Segment Start: The data

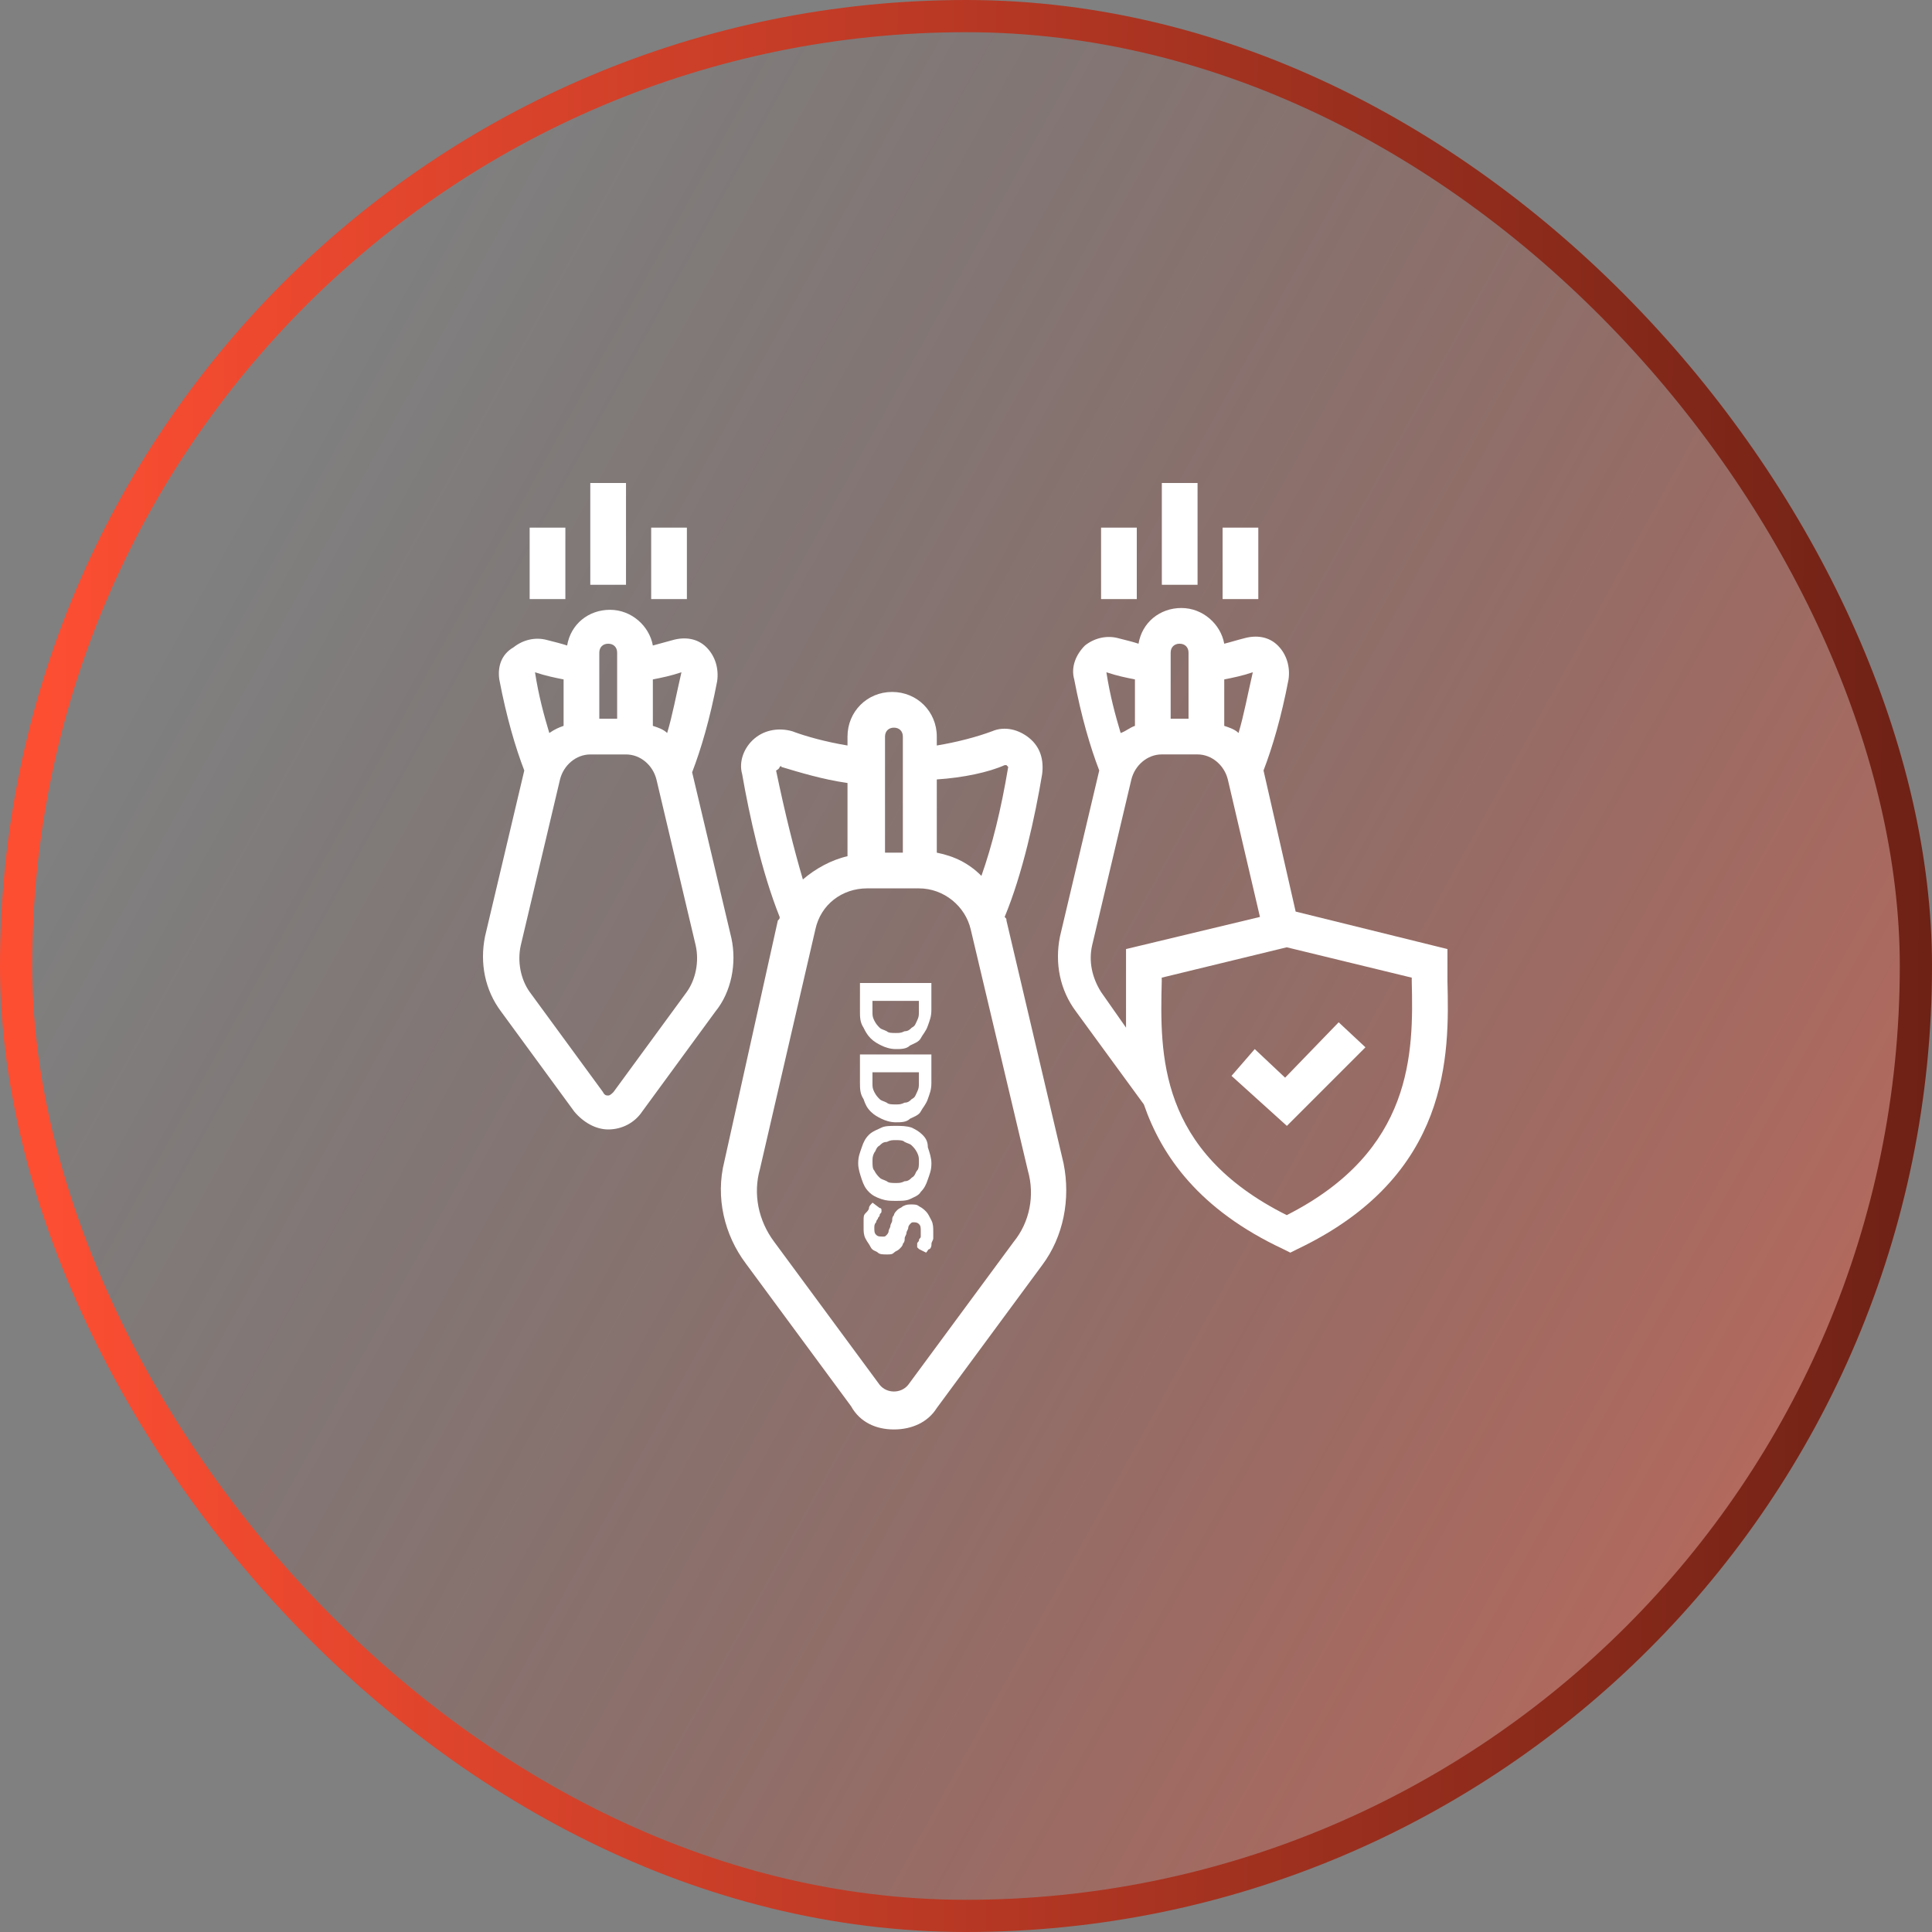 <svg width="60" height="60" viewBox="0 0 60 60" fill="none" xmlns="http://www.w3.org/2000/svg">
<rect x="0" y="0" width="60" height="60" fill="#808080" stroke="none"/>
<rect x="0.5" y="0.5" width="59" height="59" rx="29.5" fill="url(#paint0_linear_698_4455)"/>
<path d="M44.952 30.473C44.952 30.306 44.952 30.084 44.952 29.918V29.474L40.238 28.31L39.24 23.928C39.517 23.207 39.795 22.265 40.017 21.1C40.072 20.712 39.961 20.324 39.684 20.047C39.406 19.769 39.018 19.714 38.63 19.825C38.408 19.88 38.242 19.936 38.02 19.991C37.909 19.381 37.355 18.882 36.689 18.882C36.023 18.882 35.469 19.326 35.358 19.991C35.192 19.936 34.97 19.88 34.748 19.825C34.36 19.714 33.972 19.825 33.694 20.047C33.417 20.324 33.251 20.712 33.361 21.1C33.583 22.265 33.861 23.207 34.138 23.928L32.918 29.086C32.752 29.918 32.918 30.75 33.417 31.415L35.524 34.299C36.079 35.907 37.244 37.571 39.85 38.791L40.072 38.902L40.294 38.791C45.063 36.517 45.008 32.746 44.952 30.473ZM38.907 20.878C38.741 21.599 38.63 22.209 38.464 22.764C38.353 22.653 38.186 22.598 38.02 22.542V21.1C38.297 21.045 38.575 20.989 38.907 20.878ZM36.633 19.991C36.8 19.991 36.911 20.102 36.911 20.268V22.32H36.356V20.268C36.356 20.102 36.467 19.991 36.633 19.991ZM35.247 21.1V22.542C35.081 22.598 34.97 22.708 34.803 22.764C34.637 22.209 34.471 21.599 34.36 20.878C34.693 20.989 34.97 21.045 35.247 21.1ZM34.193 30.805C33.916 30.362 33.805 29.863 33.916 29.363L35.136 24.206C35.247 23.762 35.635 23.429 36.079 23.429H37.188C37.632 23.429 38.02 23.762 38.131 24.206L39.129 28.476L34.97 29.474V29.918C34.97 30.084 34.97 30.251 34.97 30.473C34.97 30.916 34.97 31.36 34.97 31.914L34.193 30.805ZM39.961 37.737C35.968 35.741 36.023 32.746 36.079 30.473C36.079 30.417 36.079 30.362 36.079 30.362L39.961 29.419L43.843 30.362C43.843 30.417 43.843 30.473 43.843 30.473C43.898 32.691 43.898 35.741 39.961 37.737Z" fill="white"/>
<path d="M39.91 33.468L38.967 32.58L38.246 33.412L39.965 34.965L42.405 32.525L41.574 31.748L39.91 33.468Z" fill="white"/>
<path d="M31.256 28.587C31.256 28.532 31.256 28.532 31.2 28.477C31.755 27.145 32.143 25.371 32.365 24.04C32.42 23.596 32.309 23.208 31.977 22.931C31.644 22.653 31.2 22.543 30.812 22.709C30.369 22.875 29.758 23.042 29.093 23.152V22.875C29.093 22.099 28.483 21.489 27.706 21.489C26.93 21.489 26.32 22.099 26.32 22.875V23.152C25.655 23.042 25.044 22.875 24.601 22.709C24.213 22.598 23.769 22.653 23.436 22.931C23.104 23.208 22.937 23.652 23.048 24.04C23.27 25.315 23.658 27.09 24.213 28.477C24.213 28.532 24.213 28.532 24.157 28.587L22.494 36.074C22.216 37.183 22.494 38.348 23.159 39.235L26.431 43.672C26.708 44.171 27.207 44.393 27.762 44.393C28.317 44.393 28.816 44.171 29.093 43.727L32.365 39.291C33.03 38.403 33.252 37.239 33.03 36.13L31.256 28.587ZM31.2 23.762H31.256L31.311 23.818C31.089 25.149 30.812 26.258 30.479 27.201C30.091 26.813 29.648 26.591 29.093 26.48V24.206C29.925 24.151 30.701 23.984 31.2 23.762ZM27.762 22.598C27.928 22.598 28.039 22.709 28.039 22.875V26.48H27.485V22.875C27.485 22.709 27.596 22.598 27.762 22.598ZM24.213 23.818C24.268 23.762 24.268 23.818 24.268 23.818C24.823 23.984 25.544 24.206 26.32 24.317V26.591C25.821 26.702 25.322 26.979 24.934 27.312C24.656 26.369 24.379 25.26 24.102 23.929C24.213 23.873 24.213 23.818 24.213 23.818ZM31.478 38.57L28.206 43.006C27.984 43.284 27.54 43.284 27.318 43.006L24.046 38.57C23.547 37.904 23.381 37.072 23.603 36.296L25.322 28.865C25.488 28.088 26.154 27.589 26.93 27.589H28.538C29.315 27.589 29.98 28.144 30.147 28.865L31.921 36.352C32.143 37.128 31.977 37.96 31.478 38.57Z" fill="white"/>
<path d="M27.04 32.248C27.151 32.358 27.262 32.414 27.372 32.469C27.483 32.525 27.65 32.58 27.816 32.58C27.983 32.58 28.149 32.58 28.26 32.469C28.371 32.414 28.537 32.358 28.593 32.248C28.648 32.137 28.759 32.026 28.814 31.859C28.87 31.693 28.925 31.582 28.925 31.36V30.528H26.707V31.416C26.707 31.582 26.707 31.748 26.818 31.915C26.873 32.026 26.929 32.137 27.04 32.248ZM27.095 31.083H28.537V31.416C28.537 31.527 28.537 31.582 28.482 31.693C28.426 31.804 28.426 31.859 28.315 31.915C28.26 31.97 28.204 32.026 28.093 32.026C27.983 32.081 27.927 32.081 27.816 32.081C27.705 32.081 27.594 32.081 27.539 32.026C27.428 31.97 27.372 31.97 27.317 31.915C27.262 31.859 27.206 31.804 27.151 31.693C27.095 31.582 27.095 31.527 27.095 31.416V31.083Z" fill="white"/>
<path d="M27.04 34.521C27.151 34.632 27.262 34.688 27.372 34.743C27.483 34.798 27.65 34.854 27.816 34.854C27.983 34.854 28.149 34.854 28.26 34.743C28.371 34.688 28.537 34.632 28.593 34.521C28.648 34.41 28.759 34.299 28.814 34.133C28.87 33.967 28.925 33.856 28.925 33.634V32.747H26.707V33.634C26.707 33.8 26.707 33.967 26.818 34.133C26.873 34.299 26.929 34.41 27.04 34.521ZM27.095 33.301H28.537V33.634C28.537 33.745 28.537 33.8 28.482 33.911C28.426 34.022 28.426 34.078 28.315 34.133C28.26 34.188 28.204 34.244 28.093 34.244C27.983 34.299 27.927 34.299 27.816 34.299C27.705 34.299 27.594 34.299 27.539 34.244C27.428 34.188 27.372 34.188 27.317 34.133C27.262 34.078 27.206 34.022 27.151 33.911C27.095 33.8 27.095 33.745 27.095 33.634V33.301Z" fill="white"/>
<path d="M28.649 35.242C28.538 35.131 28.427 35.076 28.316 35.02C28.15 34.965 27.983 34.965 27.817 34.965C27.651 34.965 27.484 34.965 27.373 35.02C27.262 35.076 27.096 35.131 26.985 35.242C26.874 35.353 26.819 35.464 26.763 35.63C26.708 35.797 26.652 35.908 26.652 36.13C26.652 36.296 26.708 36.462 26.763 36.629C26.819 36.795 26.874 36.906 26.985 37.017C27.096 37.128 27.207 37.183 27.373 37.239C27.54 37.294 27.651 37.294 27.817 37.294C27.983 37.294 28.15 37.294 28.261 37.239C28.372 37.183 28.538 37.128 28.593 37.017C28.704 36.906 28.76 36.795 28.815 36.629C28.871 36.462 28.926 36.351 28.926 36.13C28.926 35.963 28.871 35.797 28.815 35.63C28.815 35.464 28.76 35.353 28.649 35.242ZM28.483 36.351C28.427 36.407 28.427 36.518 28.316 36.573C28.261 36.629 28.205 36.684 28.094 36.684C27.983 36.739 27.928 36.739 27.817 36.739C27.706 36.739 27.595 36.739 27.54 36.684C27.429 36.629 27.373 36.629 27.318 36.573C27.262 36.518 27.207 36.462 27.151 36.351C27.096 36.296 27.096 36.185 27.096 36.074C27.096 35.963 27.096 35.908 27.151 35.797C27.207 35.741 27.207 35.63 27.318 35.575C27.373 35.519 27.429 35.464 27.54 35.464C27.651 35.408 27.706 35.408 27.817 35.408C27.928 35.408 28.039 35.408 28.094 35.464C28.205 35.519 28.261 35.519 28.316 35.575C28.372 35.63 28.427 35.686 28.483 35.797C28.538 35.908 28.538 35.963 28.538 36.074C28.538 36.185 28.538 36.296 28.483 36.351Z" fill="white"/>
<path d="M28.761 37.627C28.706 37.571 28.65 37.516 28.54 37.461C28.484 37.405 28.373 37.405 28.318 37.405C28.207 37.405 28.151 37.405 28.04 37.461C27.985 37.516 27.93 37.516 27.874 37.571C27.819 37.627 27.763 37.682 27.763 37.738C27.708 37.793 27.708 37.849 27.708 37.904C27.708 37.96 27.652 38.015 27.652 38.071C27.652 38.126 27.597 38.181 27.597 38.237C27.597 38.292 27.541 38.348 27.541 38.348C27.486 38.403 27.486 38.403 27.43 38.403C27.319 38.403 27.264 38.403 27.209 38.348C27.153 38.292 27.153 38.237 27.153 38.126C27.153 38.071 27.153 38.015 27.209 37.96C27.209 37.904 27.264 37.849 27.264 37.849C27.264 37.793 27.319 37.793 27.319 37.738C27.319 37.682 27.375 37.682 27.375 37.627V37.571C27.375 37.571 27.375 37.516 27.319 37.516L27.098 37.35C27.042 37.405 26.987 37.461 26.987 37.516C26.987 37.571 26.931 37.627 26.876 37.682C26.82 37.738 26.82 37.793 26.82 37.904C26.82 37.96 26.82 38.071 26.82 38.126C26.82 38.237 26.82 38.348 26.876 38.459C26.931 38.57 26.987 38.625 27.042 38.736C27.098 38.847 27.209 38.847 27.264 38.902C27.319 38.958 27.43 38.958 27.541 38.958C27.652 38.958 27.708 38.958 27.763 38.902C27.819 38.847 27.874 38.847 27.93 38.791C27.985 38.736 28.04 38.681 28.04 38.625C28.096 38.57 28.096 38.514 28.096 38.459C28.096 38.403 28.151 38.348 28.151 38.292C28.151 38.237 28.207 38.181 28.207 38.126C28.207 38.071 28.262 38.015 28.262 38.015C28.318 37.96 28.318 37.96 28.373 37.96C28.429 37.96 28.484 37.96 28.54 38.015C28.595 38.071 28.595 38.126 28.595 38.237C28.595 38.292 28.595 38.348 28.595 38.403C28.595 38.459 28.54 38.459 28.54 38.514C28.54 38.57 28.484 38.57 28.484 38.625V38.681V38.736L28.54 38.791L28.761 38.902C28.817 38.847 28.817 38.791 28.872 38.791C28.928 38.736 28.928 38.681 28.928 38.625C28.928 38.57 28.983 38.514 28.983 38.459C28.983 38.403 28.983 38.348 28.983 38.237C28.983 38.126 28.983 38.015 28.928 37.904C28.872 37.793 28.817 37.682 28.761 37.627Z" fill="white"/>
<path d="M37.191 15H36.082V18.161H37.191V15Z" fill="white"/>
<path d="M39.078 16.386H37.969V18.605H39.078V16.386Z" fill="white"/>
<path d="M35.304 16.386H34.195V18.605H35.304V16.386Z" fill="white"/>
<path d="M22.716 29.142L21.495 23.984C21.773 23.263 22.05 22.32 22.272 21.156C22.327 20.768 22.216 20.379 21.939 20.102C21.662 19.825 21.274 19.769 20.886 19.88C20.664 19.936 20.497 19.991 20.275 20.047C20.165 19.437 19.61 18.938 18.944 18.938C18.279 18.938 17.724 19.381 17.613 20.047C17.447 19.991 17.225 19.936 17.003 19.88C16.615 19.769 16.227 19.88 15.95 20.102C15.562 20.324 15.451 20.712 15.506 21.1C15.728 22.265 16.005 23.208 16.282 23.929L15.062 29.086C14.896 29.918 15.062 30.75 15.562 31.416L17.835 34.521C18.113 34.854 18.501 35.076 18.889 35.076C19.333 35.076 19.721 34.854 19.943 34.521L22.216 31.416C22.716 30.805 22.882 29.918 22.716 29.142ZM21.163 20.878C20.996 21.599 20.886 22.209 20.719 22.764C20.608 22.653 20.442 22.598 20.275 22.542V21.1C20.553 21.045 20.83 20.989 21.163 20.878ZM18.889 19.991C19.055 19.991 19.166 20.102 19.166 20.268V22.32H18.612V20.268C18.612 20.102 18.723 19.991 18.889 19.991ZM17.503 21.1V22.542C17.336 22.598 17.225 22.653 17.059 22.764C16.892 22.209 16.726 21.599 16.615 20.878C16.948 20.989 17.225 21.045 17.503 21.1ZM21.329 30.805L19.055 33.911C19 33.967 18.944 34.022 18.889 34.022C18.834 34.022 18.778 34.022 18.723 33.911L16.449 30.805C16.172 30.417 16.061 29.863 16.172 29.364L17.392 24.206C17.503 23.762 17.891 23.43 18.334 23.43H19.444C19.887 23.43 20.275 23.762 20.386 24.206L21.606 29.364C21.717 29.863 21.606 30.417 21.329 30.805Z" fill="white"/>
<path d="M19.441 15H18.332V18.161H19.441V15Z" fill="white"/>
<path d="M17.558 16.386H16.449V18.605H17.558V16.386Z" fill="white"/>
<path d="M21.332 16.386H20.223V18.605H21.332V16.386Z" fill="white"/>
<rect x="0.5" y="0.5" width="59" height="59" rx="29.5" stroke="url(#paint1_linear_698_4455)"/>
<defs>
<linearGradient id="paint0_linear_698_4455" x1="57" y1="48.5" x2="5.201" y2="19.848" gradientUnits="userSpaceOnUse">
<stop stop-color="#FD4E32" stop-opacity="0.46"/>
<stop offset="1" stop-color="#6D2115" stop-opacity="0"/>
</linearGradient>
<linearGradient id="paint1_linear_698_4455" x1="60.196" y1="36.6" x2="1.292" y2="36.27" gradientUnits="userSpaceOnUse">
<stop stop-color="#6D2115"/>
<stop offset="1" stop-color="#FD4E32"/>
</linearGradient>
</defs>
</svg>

Segment End: The data

Task brief:
Find every line in the records that has the word "rect". Copy those lines.

Solved exercise:
<rect x="0" y="0" width="60" height="60" fill="#808080" stroke="none"/>
<rect x="0.5" y="0.5" width="59" height="59" rx="29.5" fill="url(#paint0_linear_698_4455)"/>
<rect x="0.5" y="0.5" width="59" height="59" rx="29.5" stroke="url(#paint1_linear_698_4455)"/>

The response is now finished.